Compute the mean of the data points in each cluster and update the centroids.
C1: Mean = 0.5
C2: Mean = 4.6

2nd iteration:
C1: 0, 0.5, 1.5, 2
C2: 6, 6.5, 7
C1 mean = 1
C2 mean = 6.5

3rd iteration:
C1: 0, 0.5, 1.5, 2
C2: 6, 6.5, 7
C1 mean = 1
C2 mean = 6.5

From here, it converges, so we are done. Final clusters:
C1: 0, 0.5, 1.5, 2
C2: 6, 6.5, 7
:

b) Describe in plain english what the cost function for k means is.

A cost function is a way to compare the outputs of this algorithm and is a way to build an algorithm based off of this metric. We want to minimize the cost function to find the best output. The objective of k-means clustering is to partition a given dataset into k clusters, where each data point belongs to the cluster with the nearest mean. The cost function measures how well the data points are clustered around their respective cluster centroids.

c) For the same number of clusters K, why could there be very different solutions to the K means algorithm on a given dataset?

The initial random selection of cluster centers and the sensitivity to outliers can lead to different solutions because the algorithm may converge to different local centroids of the cost function, resulting in varied cluster assignments and center positions.

d) Does Lloyd's Algorithm always converge? Why / why not?

It doesn't always converge. It may get stuck in local minima or oscillate, especially with complex datasets.

e) Follow along in class the implementation of Kmeans

In [2]:
import numpy as np
from PIL import Image as im
import matplotlib.pyplot as plt
import sklearn.datasets as datasets

centers = [[0, 0], [2, 2], [-3, 2], [2, -4]]
X, _ = datasets.make_blobs(n_samples=300, centers=centers, cluster_std=1, random_state=0)

class KMeans():

    def __init__(self, data, k):
        self.data = data
        self.k = k
        self.assignment = [-1 for _ in range(len(data))]
        self.snaps = []
    
    def snap(self, centers):
        TEMPFILE = "temp.png"

        fig, ax = plt.subplots()
        ax.scatter(X[:, 0], X[:, 1], c=self.assignment)
        ax.scatter(centers[:,0], centers[:, 1], c='r')
        fig.savefig(TEMPFILE)
        plt.close()
        self.snaps.append(im.fromarray(np.asarray(im.open(TEMPFILE))))
        
    def is_assigned(self, i):
        return self.assignment[i] == -1
        
    def unassign_all(self):
        self.assignment = [-1 for _ in range(len(self.data))]

    def initialize(self):
        return self.data[np.random.choice(range(len(self.data)), size=self.k, replace=False)]

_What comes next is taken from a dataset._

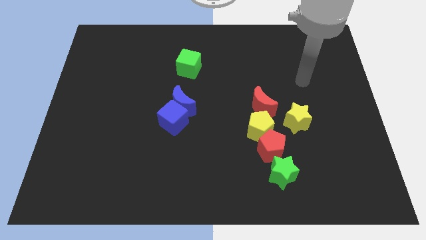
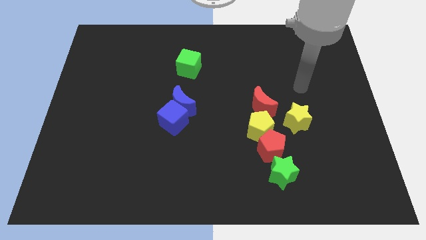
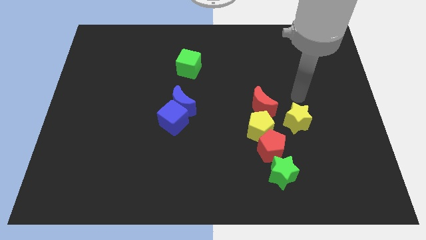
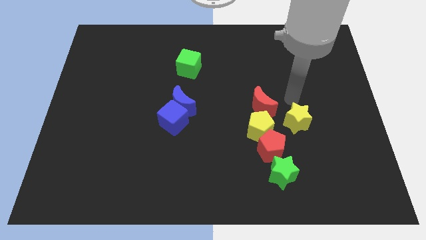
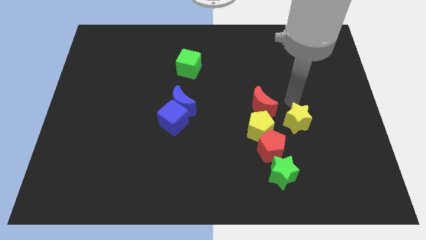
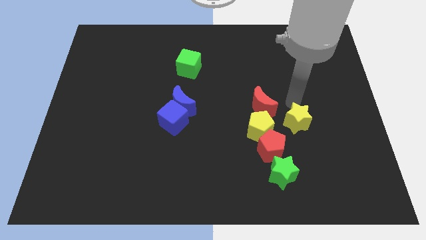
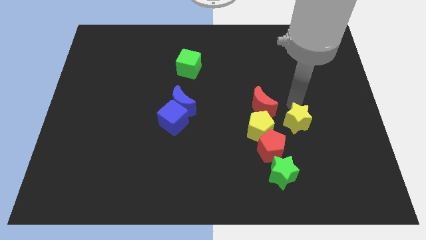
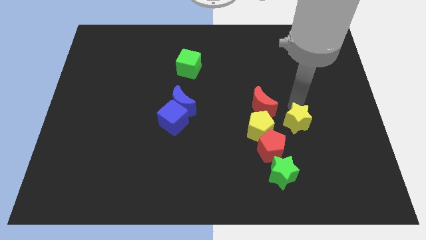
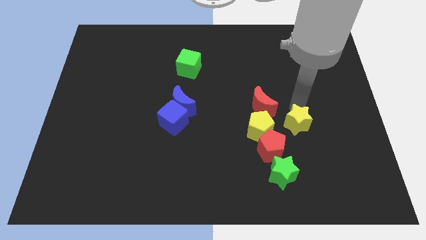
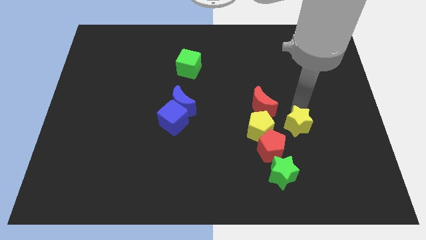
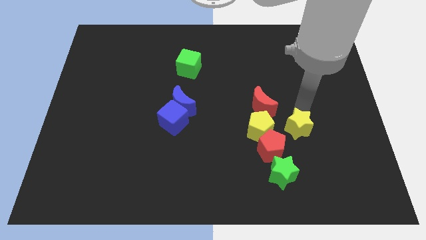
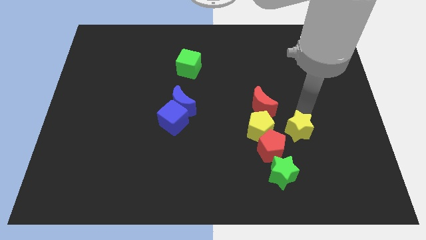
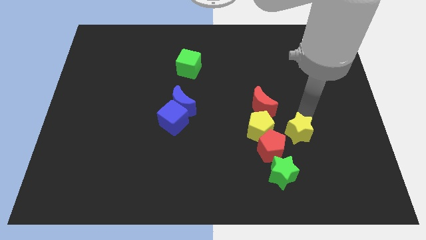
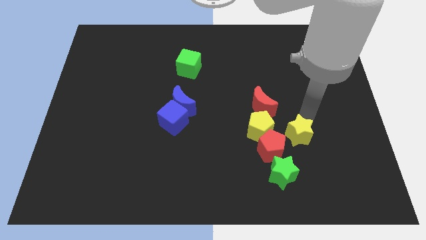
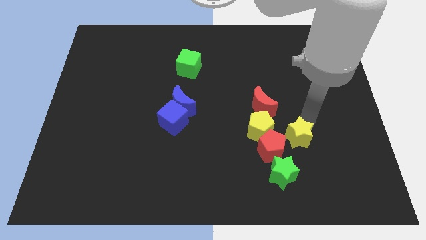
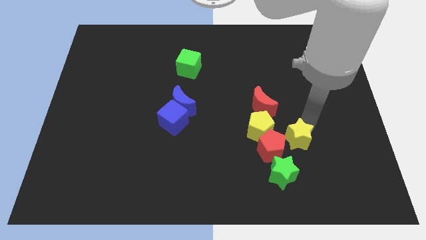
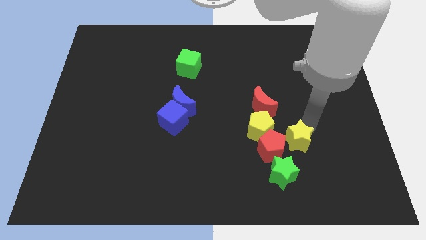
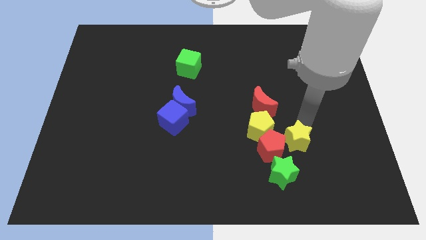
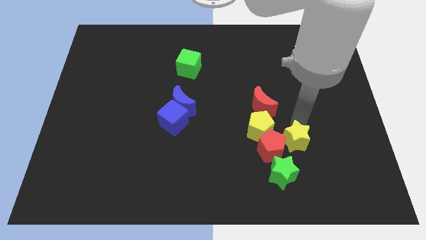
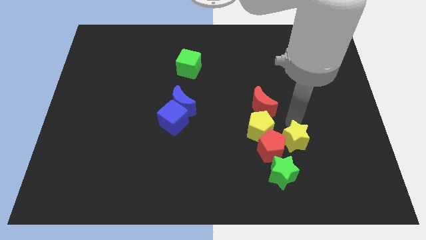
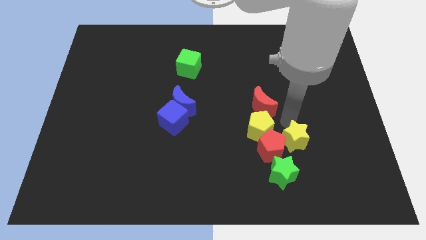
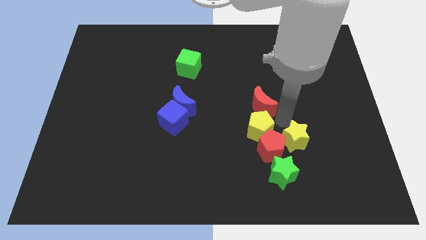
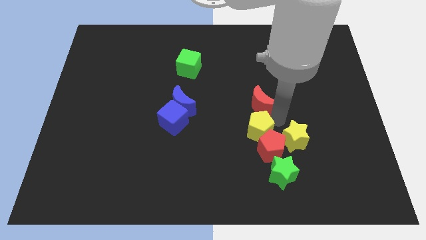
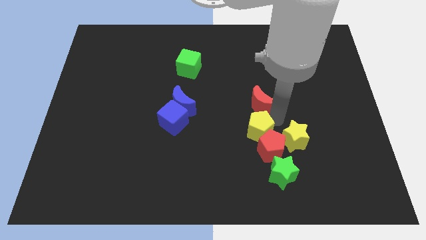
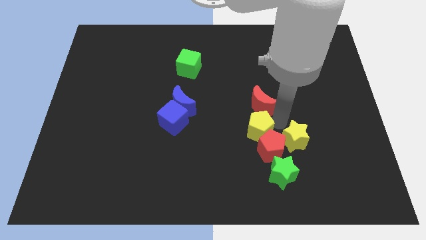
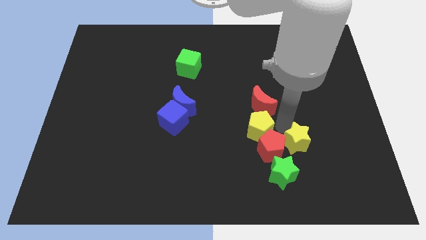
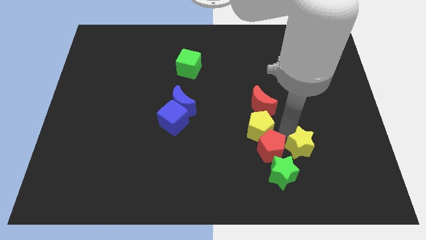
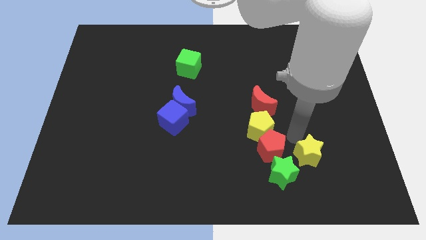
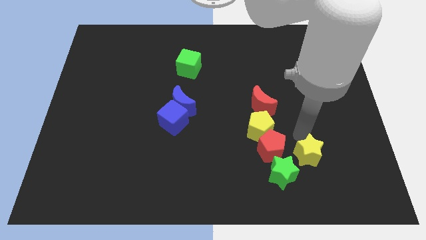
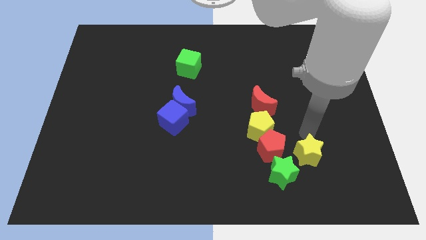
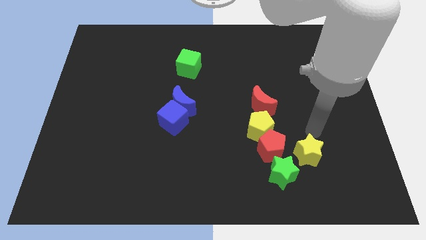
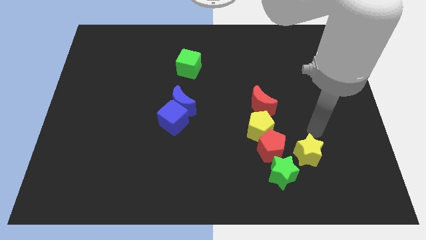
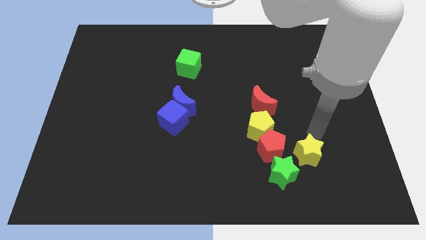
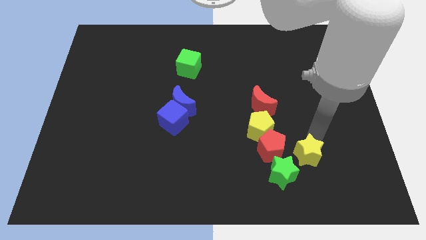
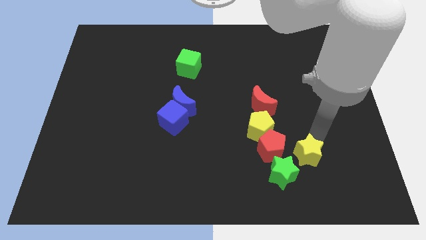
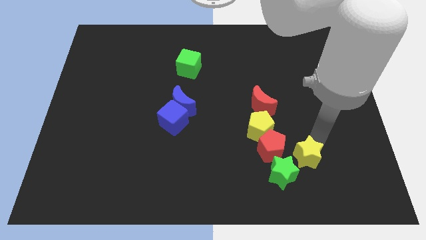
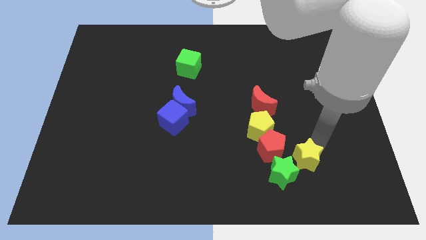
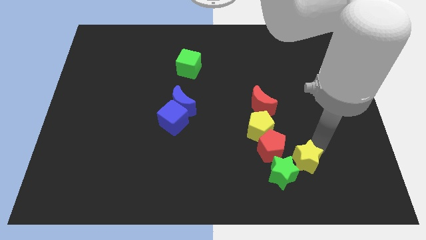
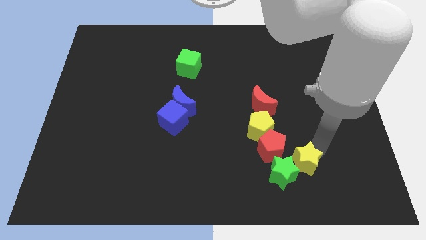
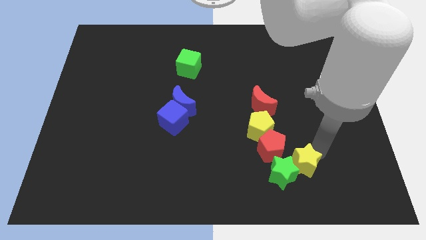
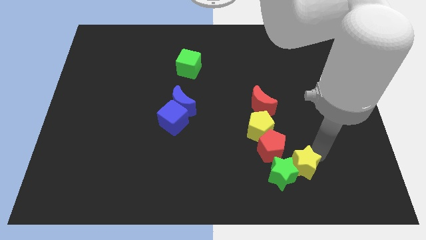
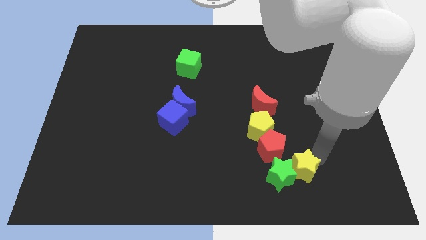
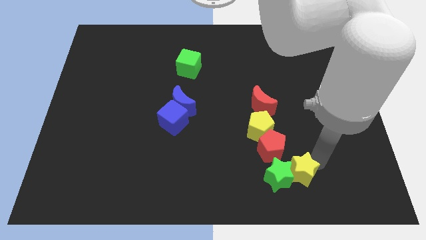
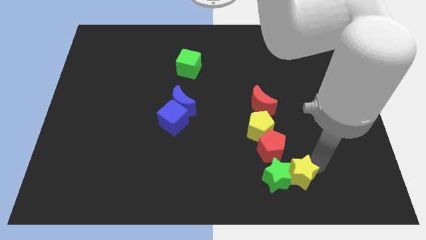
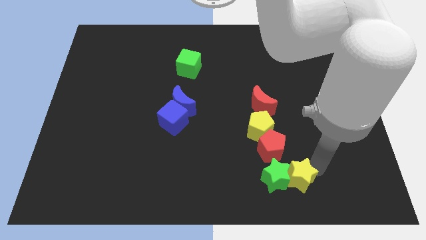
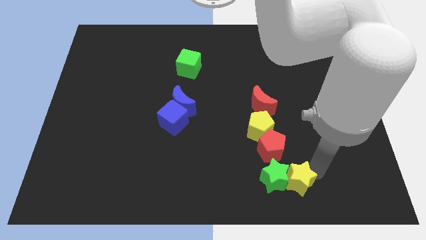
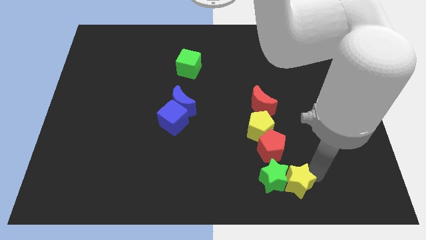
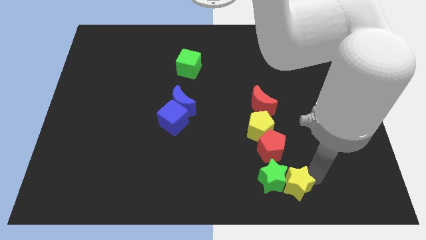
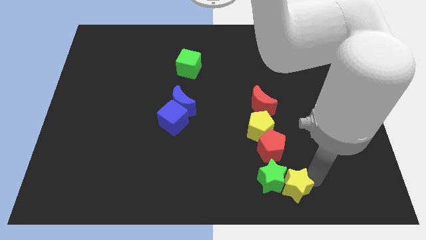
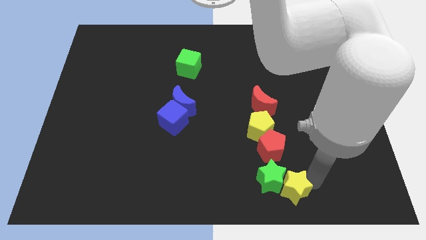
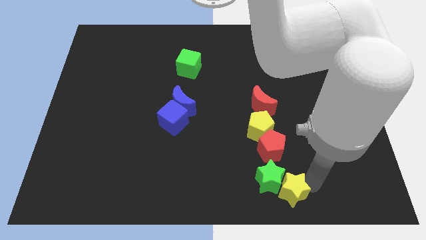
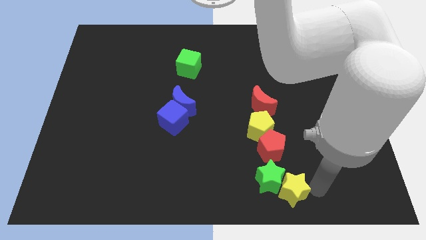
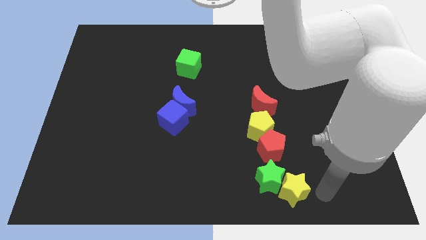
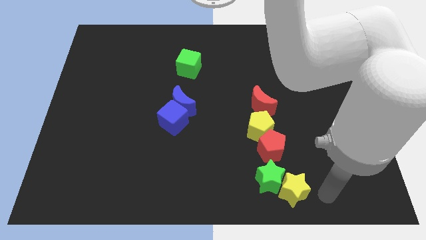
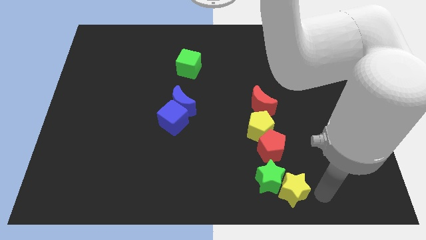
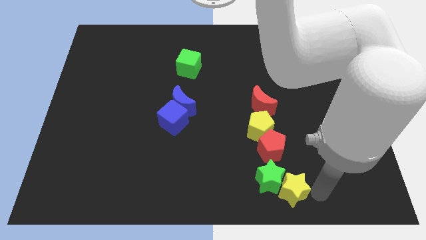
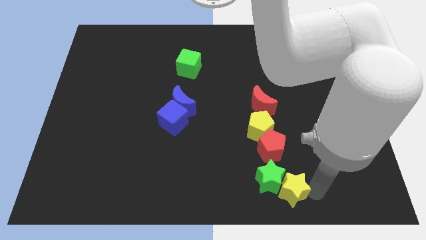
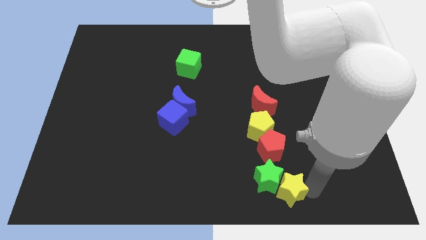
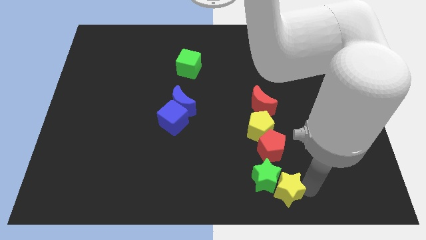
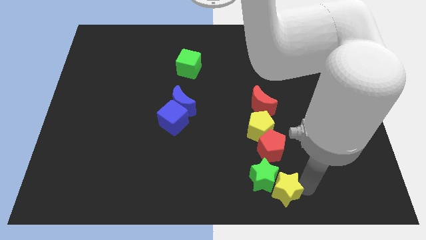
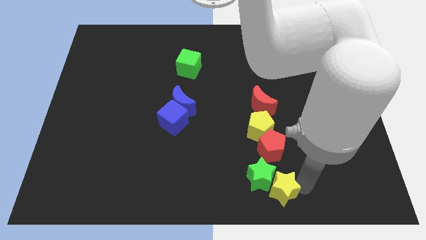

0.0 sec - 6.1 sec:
put the yellow star to the bottom side of the yellow pentagon

    def assign(self, centers):
        for i in range(len(self.data)):
            self.assignment[i] = 0
            temp_dist = self.dist(self.data[i], centers[0])
            for j in range(1, len(centers)):
                new_dist = self.dist(self.data[i], centers[j])
                if new_dist < temp_dist:
                    self.assignment[i] = j
                    temp_dist = new_dist

    def calculate_new_centers(self):
        centers = []
        for j in range(self.k):
            cluster_j = self.data[
                np.array([i for i in range(len(self.data)) if self.assignment[i] == j])
            ]
            centers.append(np.mean(cluster_j))
        return np.array(centers)

    def dist(self, x, y):
        return sum((x-y)**2) ** 0.5

    def are_centers_diff(self, c1, c2):
        for i in range(len(c1)):
            for j in range(len(c2)):
                
                if c1[i] not in c2:
                    return True
        return False
        
    def lloyds(self):
        centers = self.initialize()
        self.assign(centers)
        self.snap(centers)
        # self.snaps.append(self.snap(centers))
       
        new_centers = self.calculate_new_centers()
        while self.centers_diff(centers, new_centers):
            centers = new_centers
            self.unassign_all()
            self.assign(centers)
            self.snap(centers)
            new_centers = self.calculate_new_centers()
            
        return 
            

kmeans = KMeans(X, 6)
kmeans.lloyds()
images = kmeans.snaps

images[0].save(
    'kmeans.gif',
    optimize=False,
    save_all=True,
    append_images=images[1:],
    loop=0,
    duration=500
)

ModuleNotFoundError: No module named 'sklearn'